In 2020, he said half of the brand’s 150 to 165 new restaurants will have Chipotlanes. One of those is expected to open in Costa Mesa, Calif., the first one near Chipotle’s headquarters.

Niccol said the Chipotlanes will “play a huge role” in the company’s new build program because customers love the fast experience compared to a standard quick-service drive-thru.

“This is what drive-thru should be. The actual [QSR] drive through experience is not great,” said the former Taco Bell CEO. “That order board -- people do not like that experience.”

After ordering ahead at Chipotle, Niccol said customers can use a Chipotlane to fetch their order in about 10 to 15 seconds.

“This is the fastest way to get food,” he said.


Delivery beyond DoorDash, Postmates?

In 2019, many top restaurant brands like McDonald’s broke off exclusive relationships with delivery operators, opting instead, to go with multiple providers to expand reach.

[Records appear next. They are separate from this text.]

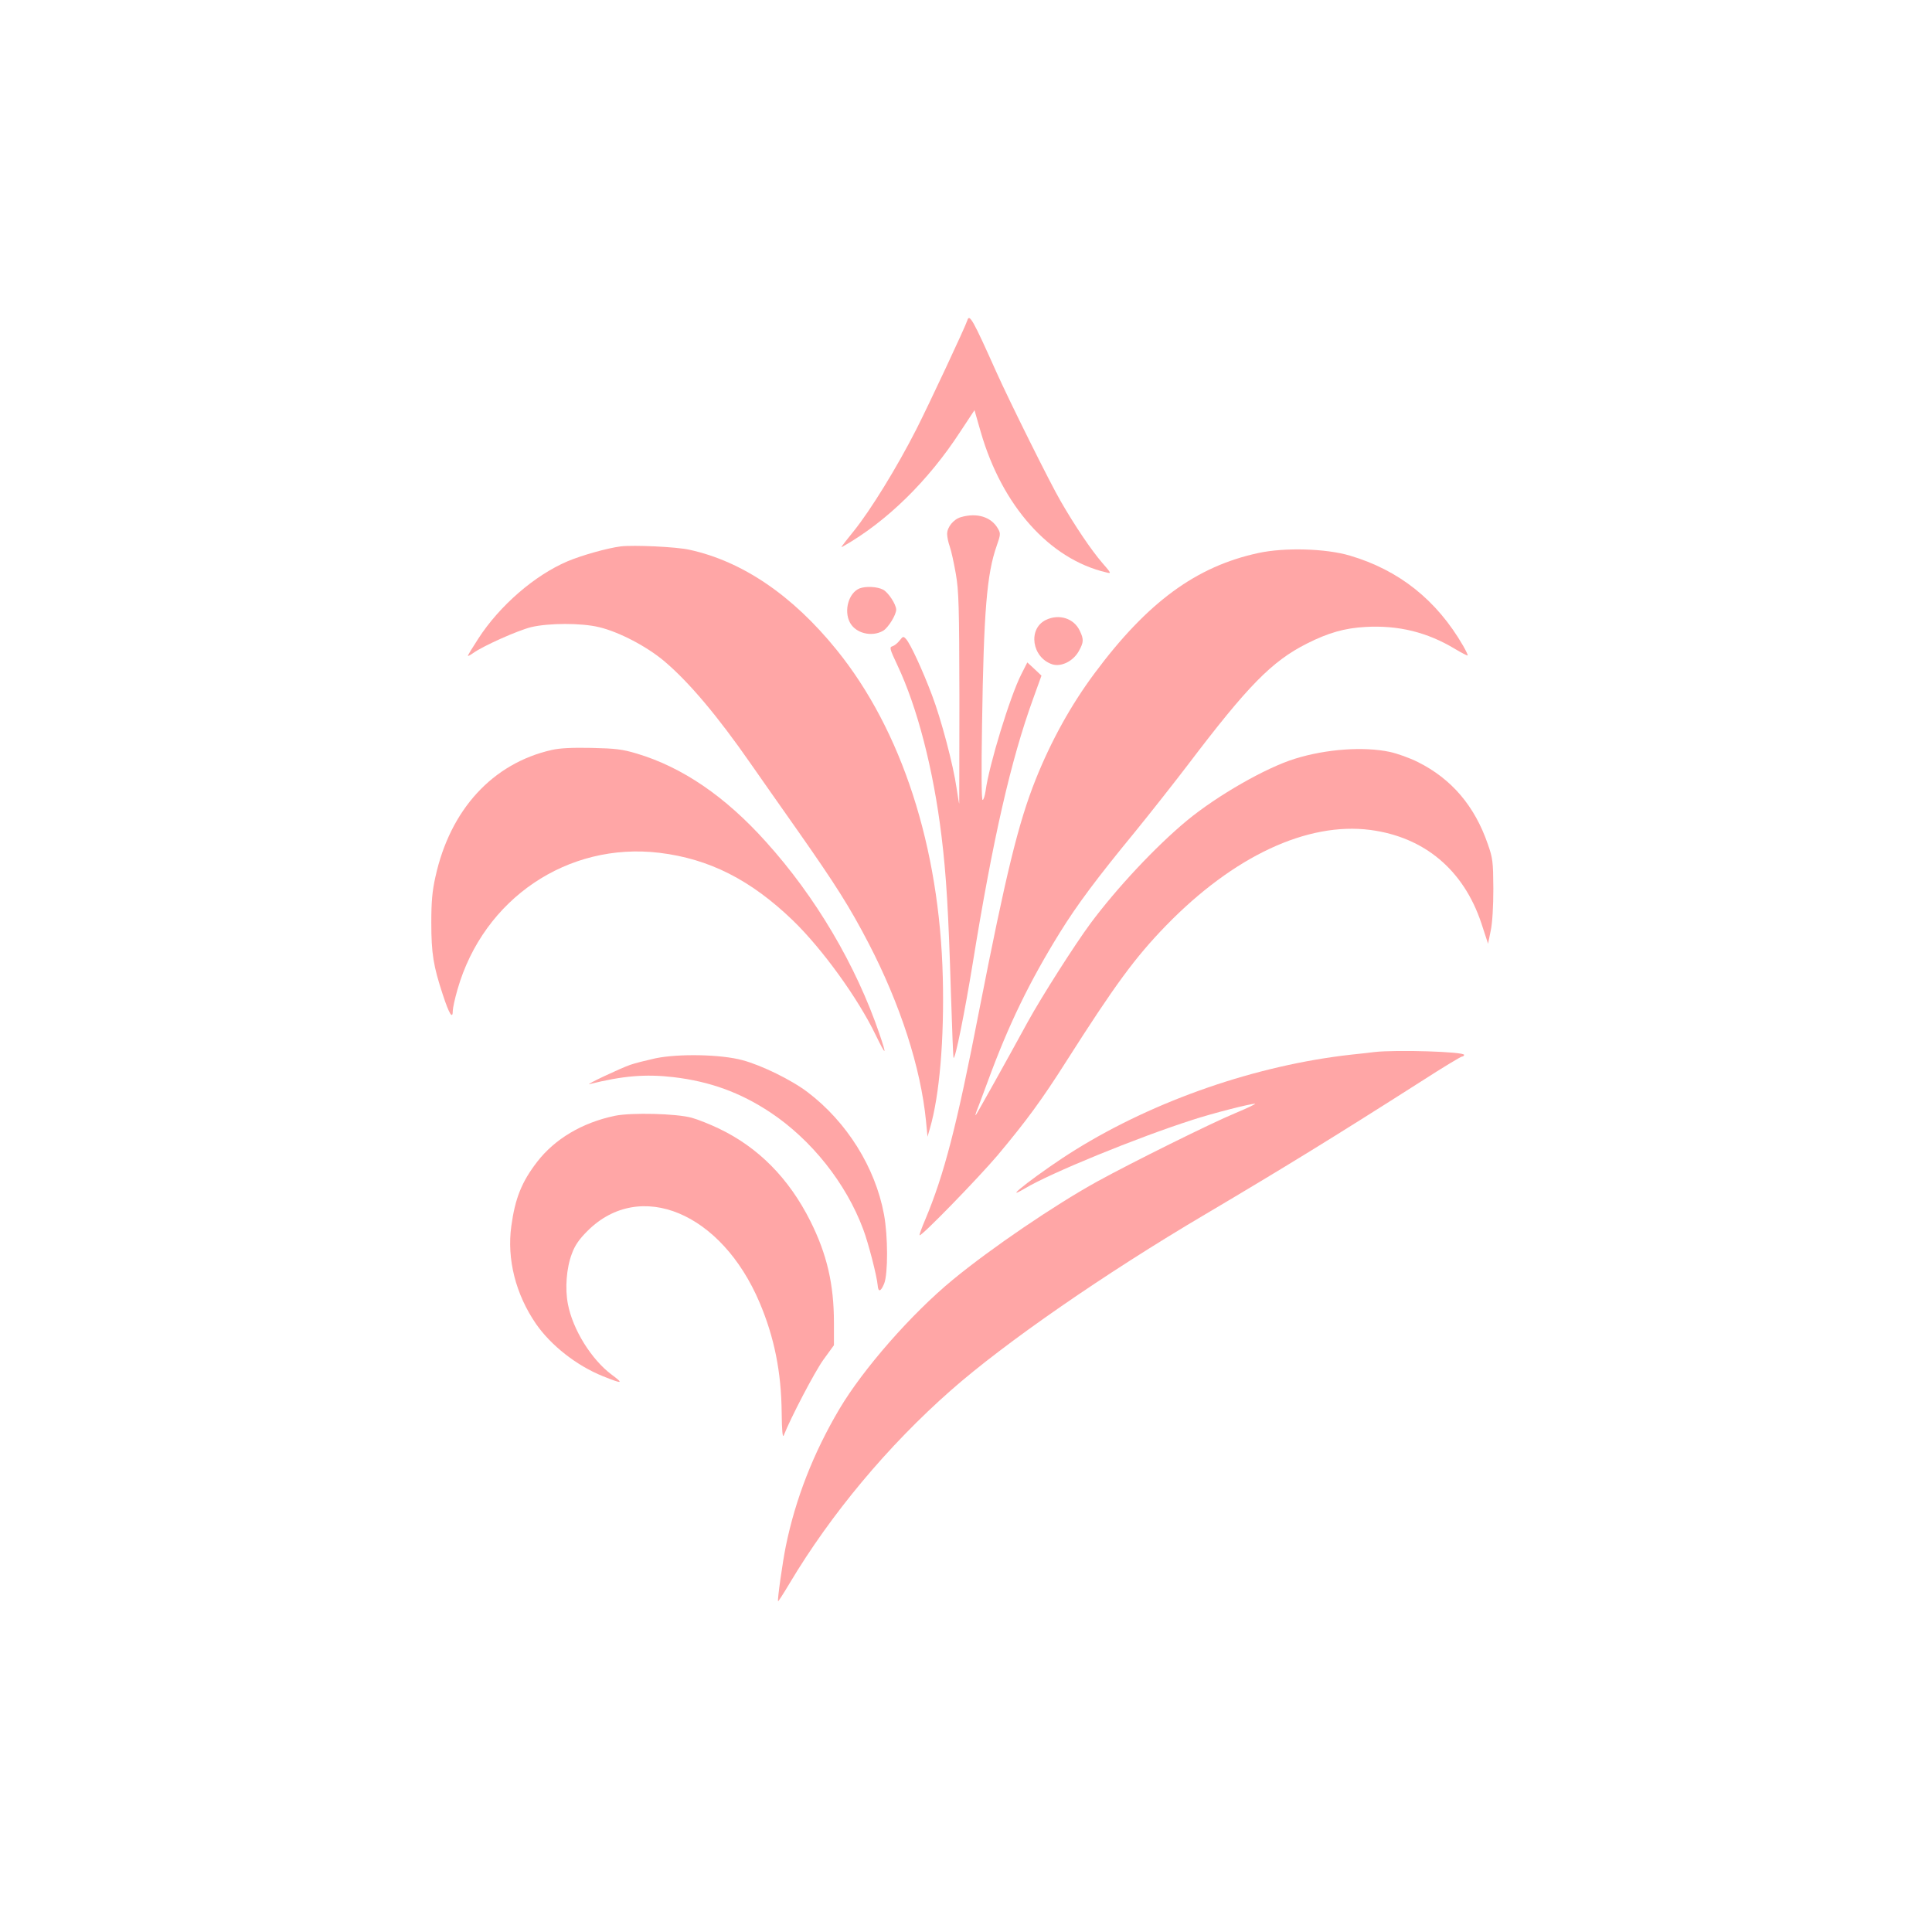 <?xml version="1.0" standalone="no"?>
<!DOCTYPE svg PUBLIC "-//W3C//DTD SVG 20010904//EN"
 "http://www.w3.org/TR/2001/REC-SVG-20010904/DTD/svg10.dtd">
<svg version="1.0" xmlns="http://www.w3.org/2000/svg"
 width="1024pt" height="1024pt" viewBox="0 0 1024 1024"
 preserveAspectRatio="xMidYMid meet">

<g transform="translate(0,1024) scale(0.1,-0.1)"
fill="#ffa6a6" stroke="none">
<path d="M5127 8542 c-10 -33 -204 -447 -270 -577 -104 -204 -242 -428 -332
-540 -73 -91 -72 -90 -55 -80 229 130 450 346 619 606 l76 115 33 -115 c113
-392 365 -675 666 -745 27 -7 27 -5 -22 51 -58 67 -147 199 -221 328 -56 96
-270 527 -341 685 -123 275 -142 309 -153 272z"/>
<path d="M5093 7499 c-39 -11 -73 -53 -73 -89 0 -15 6 -45 14 -67 8 -22 22
-87 32 -144 16 -91 18 -172 19 -661 0 -307 -1 -558 -1 -558 -1 0 -7 37 -14 83
-17 121 -82 366 -130 492 -50 133 -115 273 -137 297 -15 17 -17 16 -35 -7 -10
-13 -27 -27 -37 -30 -18 -5 -16 -13 25 -100 106 -224 191 -552 234 -905 26
-212 37 -404 50 -830 6 -189 12 -346 14 -347 9 -9 59 241 101 497 108 667 203
1082 321 1407 l44 122 -37 35 -38 35 -32 -63 c-60 -118 -171 -482 -189 -617
-4 -27 -11 -49 -16 -49 -6 0 -7 152 -3 398 9 602 25 800 78 950 20 57 21 65 7
89 -35 63 -111 87 -197 62z"/>
<path d="M3290 7344 c-71 -9 -206 -47 -282 -79 -174 -74 -360 -235 -473 -410
-30 -46 -55 -87 -55 -91 0 -3 13 4 30 16 52 37 233 118 305 136 92 22 265 23
360 0 106 -25 257 -104 350 -184 128 -109 279 -288 452 -537 38 -55 153 -218
254 -362 199 -284 272 -399 373 -593 168 -324 276 -658 304 -941 l8 -84 13 45
c51 175 76 472 68 800 -17 690 -217 1309 -563 1736 -233 288 -499 469 -779
530 -69 16 -297 26 -365 18z"/>
<path d="M6670 7309 c-330 -71 -588 -260 -869 -638 -125 -168 -230 -358 -312
-563 -92 -231 -157 -498 -300 -1228 -118 -609 -185 -866 -285 -1104 -19 -44
-32 -81 -30 -83 8 -9 308 300 412 422 155 185 237 297 367 502 256 402 363
548 527 717 358 368 749 551 1084 507 286 -38 493 -212 587 -493 l36 -110 14
69 c9 41 14 129 14 223 -1 143 -3 161 -29 235 -70 204 -193 347 -371 436 -44
22 -111 46 -150 54 -137 29 -336 15 -500 -36 -154 -47 -413 -195 -575 -329
-166 -138 -370 -356 -510 -544 -85 -115 -260 -390 -332 -521 -104 -191 -271
-490 -276 -495 -3 -3 -2 4 2 15 5 11 32 85 62 165 110 300 221 528 382 788 92
148 194 285 397 532 83 102 209 262 280 355 320 422 446 550 632 644 113 57
200 82 310 88 175 10 328 -28 474 -116 35 -21 66 -37 68 -35 2 1 -9 25 -24 51
-140 242 -339 401 -600 478 -127 38 -346 44 -485 14z"/>
<path d="M4555 7121 c-57 -24 -83 -117 -51 -179 30 -59 117 -80 177 -45 27 16
69 84 69 112 0 27 -42 92 -70 106 -31 16 -92 19 -125 6z"/>
<path d="M5543 6954 c-96 -47 -74 -199 34 -235 47 -15 111 16 141 70 26 47 27
62 5 108 -31 66 -110 91 -180 57z"/>
<path d="M2924 6265 c-313 -71 -538 -316 -616 -672 -17 -75 -22 -131 -22 -243
0 -165 11 -230 61 -382 34 -104 53 -134 53 -84 0 13 11 64 25 112 138 481 584
782 1070 724 264 -32 484 -143 708 -359 155 -150 344 -411 438 -606 56 -115
61 -114 20 6 -124 363 -338 726 -601 1017 -216 241 -444 396 -685 468 -77 23
-112 27 -240 30 -102 2 -169 -1 -211 -11z"/>
<path d="M7285 4664 c-16 -2 -73 -9 -125 -14 -500 -56 -1037 -241 -1463 -506
-174 -108 -410 -289 -265 -203 137 82 594 269 887 363 110 36 307 86 333 86 7
0 -40 -23 -105 -50 -126 -52 -551 -263 -731 -362 -228 -126 -562 -353 -766
-521 -220 -181 -476 -474 -601 -685 -138 -233 -233 -477 -284 -727 -17 -83
-46 -288 -41 -292 1 -2 29 41 61 95 219 367 521 729 855 1023 286 252 816 619
1350 934 409 242 681 409 1142 703 113 73 211 132 217 132 6 0 11 4 11 9 0 17
-359 28 -475 15z"/>
<path d="M3475 4631 c-49 -11 -110 -26 -135 -35 -52 -18 -245 -109 -215 -102
176 44 296 54 444 37 194 -23 354 -81 514 -187 218 -145 401 -375 492 -619 27
-71 73 -249 77 -298 3 -37 16 -34 34 9 21 51 21 253 -1 369 -46 247 -196 488
-404 646 -85 65 -245 143 -346 170 -115 31 -337 35 -460 10z"/>
<path d="M3259 4326 c-173 -36 -319 -123 -412 -244 -82 -106 -117 -194 -137
-341 -24 -175 23 -361 131 -518 79 -114 215 -221 354 -277 105 -42 113 -41 47
8 -107 80 -206 238 -232 374 -16 82 -8 191 21 267 16 44 38 76 83 121 278 277
710 97 912 -380 78 -184 115 -368 117 -584 1 -95 5 -135 11 -120 38 96 164
337 210 401 l56 77 0 119 c0 204 -37 363 -125 539 -114 227 -276 391 -486 491
-46 22 -111 48 -144 57 -82 22 -318 28 -406 10z"/>
</g>
</svg>

Niccol said delivery, which is “pretty incremental” for the brand, chose to go with DoorDash and Postmates because both companies could integrate directly with Chipotle’s POS system. That was a non-negotiable requirement for Chipotle.

But since that time, Niccol acknowledged that other delivery aggregators have been providing direct integration.

 “So, we'll probably figure out how we, down the road, have others participate,” he said.

To offset margin-hurting third-party delivery fees, some quick-service and fast-casual dining brands have resorted to premium pricing. For example, Noodles & Company marks up delivery orders by 10%.

While Chipotle does not engage in premium pricing, Niccol has not ruled it out.

He suggested third-party rates could go up if there’s consolidation in the industry – a move that could force delivery aggregators to raise commission rates to turn profits. If that happens, then Chipotle would consider raising delivery prices.

 “We’ll do that,” Niccol said. “We're not there yet.”

Newport Beach, Calif.-based Chipotle operates about 2,500 restaurants.